Technology

Deep Learning for the Creation of New Proteins

Deep Learning for the Creation of New Proteins

Deep learning has shown promising results in the field of protein design. The ability to accurately predict protein structures and functions is critical for a variety of applications, including drug discovery, enzyme engineering, and bioengineering.

Deep learning methods were used to augment existing energy-based physical models in ‘do novo’ or from-scratch computational protein design, resulting in a 10-fold increase in success rates verified in the lab for binding a designed protein with its target protein. The findings will assist scientists in developing better drugs to combat diseases such as cancer and COVID-19.

The key to understanding proteins that govern cancer, COVID-19, and other diseases is quite simple. Determine their chemical structure and which other proteins can bind to them. But there’s a catch.

“The search space for proteins is enormous,” said Brian Coventry, a research scientist with the Institute for Protein Design, University of Washington and The Howard Hughes Medical Institute.

A protein studied by his lab typically is made of 65 amino acids, and with 20 different amino acid choices at each position, there are 65 to the 20th power binding combinations, a number bigger than the estimated number of atoms there are in the universe.

We just split up this problem, which has 2 to 6 million designs in it, and run all of those in parallel on the massive computing resources of Frontera. It has a large amount of CPU nodes on it. And we assigned each of these CPUS to do one of these design trajectories, which let us complete an extremely large number of design trajectories in a feasible time.

Brian Coventry

Coventry co-authored a study that was published in the journal Nature Communications. In it, his team used deep learning methods to augment existing energy-based physical models in ‘do novo’ or from-scratch computational protein design, resulting in a 10-fold increase in success rates for binding a designed protein with its target protein, which was verified in the lab.

“We demonstrated that incorporating deep learning methods to evaluate the quality of the interfaces where hydrogen bonds form or from hydrophobic interactions can result in a significantly improved pipeline,” said study co-author Nathaniel Bennett, a post-doctoral scholar at the University of Washington’s Institute for Protein Design.

“This is as opposed to trying to exactly enumerate all of these energies by themselves,” he added. Readers might be familiar with popular examples of deep learning applications such as the language model ChatGPT or the image generator DALL-E.

Deep learning for new protein design

Deep learning employs computer algorithms to analyze and infer patterns in data, layering the algorithms to extract higher-level features from the raw input. Deep learning methods were used in the study to learn iterative transformations of representations of the protein sequence and possible structure that rapidly converge on models that turn out to be very accurate.

The authors’ deep learning-augmented de novo protein binder design protocol included the machine learning software tools AlphaFold 2 and the RoseTTA fold, which was developed by the Institute for Protein Design.

Study co-author David Baker, the director of the Institute for Protein Design and an investigator with the Howard Hughes Medical Institute, was awarded a Pathways allocation on the Texas Advanced Computing Center’s (TACC) Frontera supercomputer, which is funded by the National Science Foundation.

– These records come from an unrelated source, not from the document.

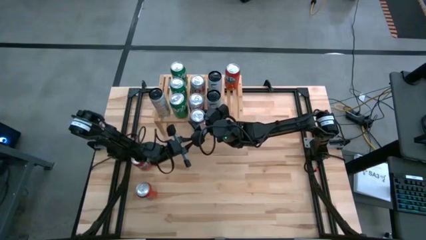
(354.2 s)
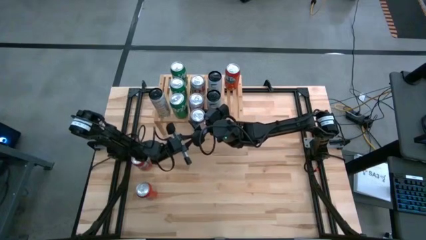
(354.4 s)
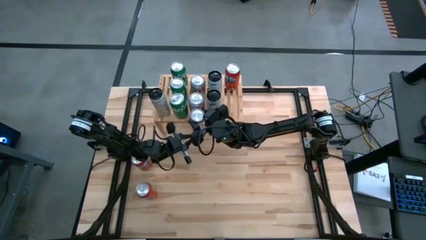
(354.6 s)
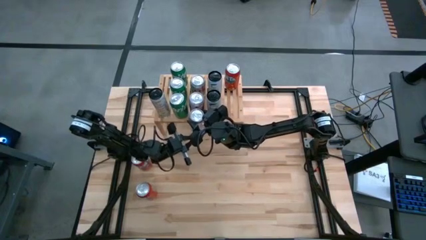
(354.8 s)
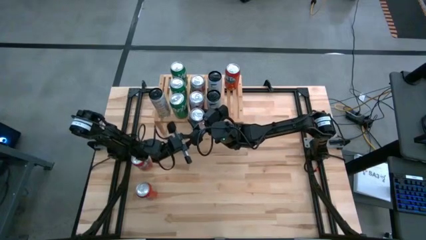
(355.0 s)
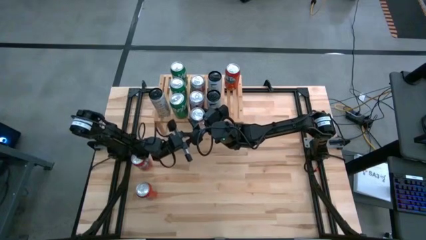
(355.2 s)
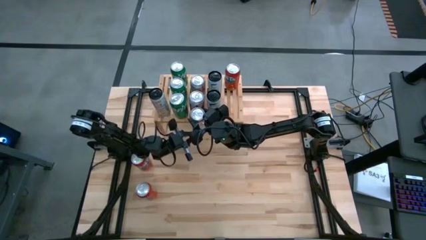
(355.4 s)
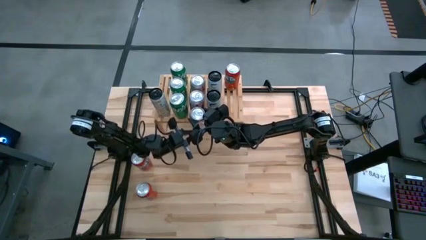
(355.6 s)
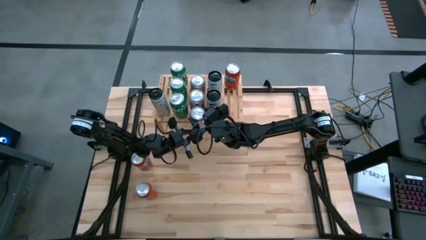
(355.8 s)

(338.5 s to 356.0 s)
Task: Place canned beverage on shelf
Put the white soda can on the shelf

The study problem was well-suited for parallelization on Frontera because the protein design trajectories are all independent of one another, meaning that information didn’t need to pass between design trajectories as the compute jobs were running.

“We just split up this problem, which has 2 to 6 million designs in it, and run all of those in parallel on the massive computing resources of Frontera. It has a large amount of CPU nodes on it. And we assigned each of these CPUS to do one of these design trajectories, which let us complete an extremely large number of design trajectories in a feasible time,” said Bennett.

The researchers used the RifDock docking program to generate six million protein ‘docks,’ or interactions between potentially bound protein structures, then divided them into 100,000 chunks and assigned each chunk to one of Frontera’s 8000+ compute nodes using Linux utilities.

Each of those 100,000 docks would be divided into 100 jobs, each containing a thousand proteins. A thousand proteins are fed into the computational design software Rosetta, where they are screened at the tenth of a second scale before being screened at the few-minutes scale.

What’s more, the authors used the software tool ProteinMPNN developed by the Institute for Protein Design to further increase the computational efficiency of generating protein sequences neural networks to over 200 times faster than the previous best software.

The yeast surface display binding data used in their modeling is all publicly available and collected by the Institute for Protein Design. Tens of thousands of different strands of DNA were ordered to encode a different protein designed by the scientists.

After that, the DNA was combined with yeast, resulting in each yeast cell expressing one of the designed proteins on its surface. The yeast cells were then separated into those that bind and those that do not. They then used tools from the human genome sequencing project to determine which DNA worked and which did not. Despite the study results that showed a 10-fold increase in the success rate for designed structures to bind on their target protein, there is still a long way to go, according to Coventry.